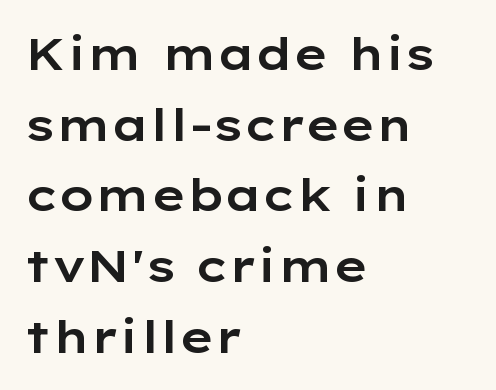
Baseline-to-baseline distance is the conventional proportion of letter height. Nothing sits at the stroke ends, so this counts as sans-serif. Glance below the letters and you will spot only blank space. The face used here is rendered with its standard letterfit. Varying glyph widths throughout — classic text-font behaviour.
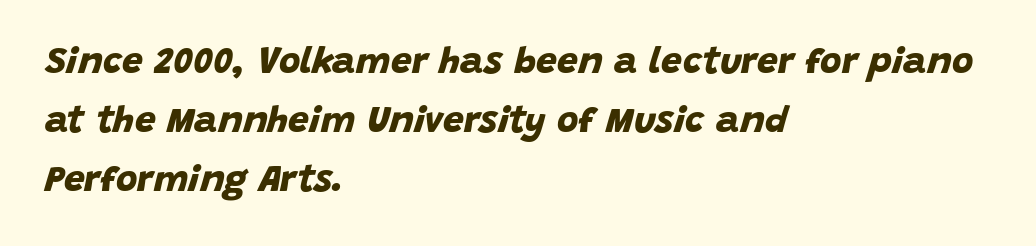
The image shows 37 px bold sans-serif type; set left-aligned, normal line spacing (1.59x), normal letter spacing, not underlined; low stroke contrast and a large x-height.
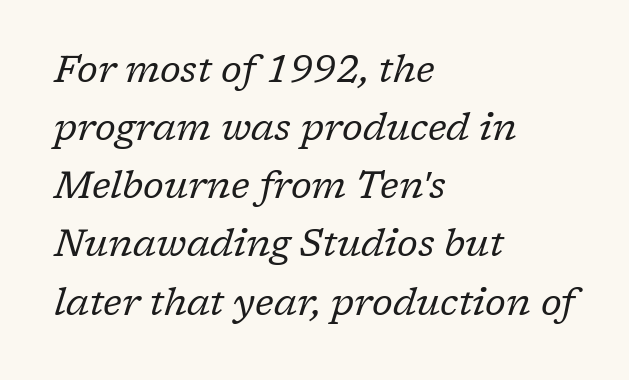
{"serif": "yes", "italic": "yes", "lean": "right", "slant_degrees": 17, "bold": "no", "weight": "regular", "width": "normal", "stroke_contrast": "low", "x_height": "medium", "monospaced": "no", "underline": "no", "align": "left", "line_spacing": "normal", "line_spacing_ratio": 1.53, "letter_spacing": "normal", "letter_spacing_em": 0.0, "glyph_px": 38}
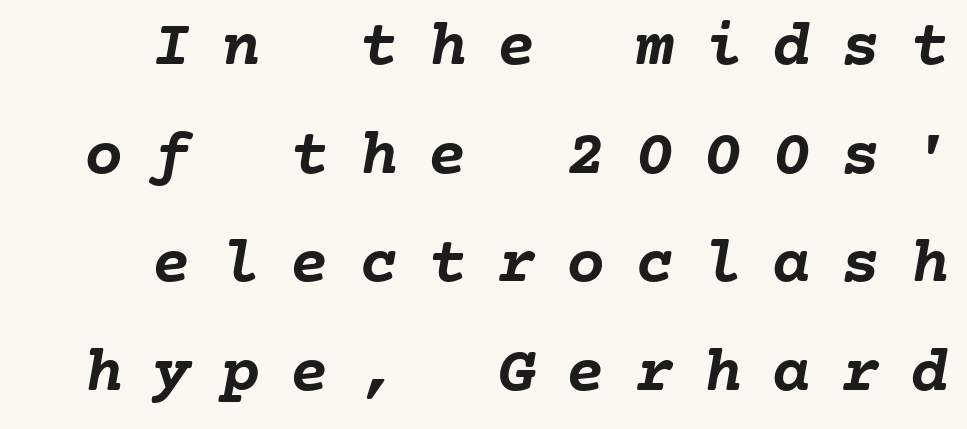
{"bold": "yes", "weight": "semibold", "width": "normal", "stroke_contrast": "low", "x_height": "medium", "monospaced": "yes", "underline": "no", "line_spacing": "normal", "line_spacing_ratio": 1.67, "letter_spacing": "wide", "letter_spacing_em": 0.46, "glyph_px": 65}
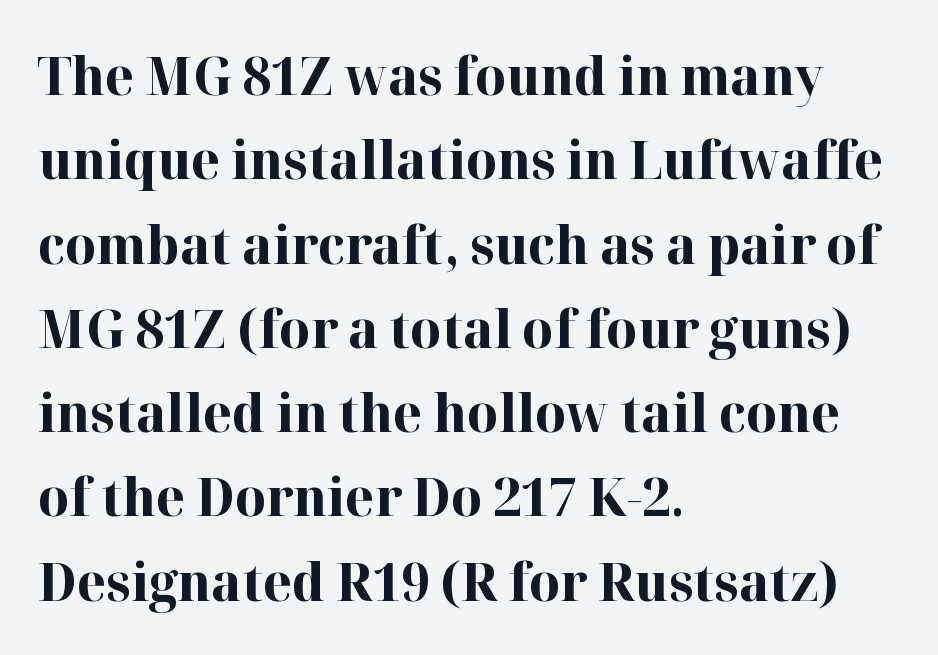
The image shows 53 px bold serif type, upright; set left-aligned, normal line spacing (1.59x), normal letter spacing, not underlined; high stroke contrast and a medium x-height.
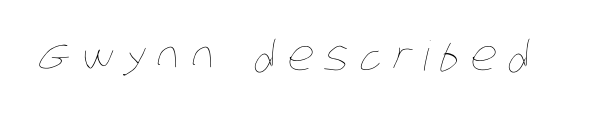
The image shows 41 px thin, condensed type; set unusually wide letter spacing (+0.28 em), not underlined; low stroke contrast and a large x-height.
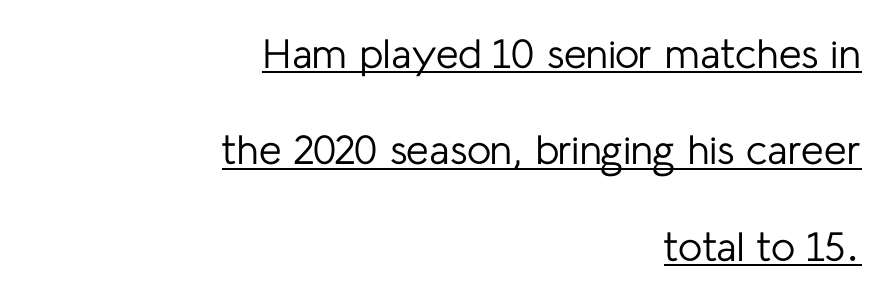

■ **Problem description**:
Return only the line with "The image shows 53" and the lines after it up to the end of the records, exact and free of pictures.

■ **Answer box**:
The image shows 53 px bold serif type, upright; set left-aligned, normal line spacing (1.59x), normal letter spacing, not underlined; high stroke contrast and a medium x-height.
The image shows 41 px thin, condensed type; set unusually wide letter spacing (+0.28 em), not underlined; low stroke contrast and a large x-height.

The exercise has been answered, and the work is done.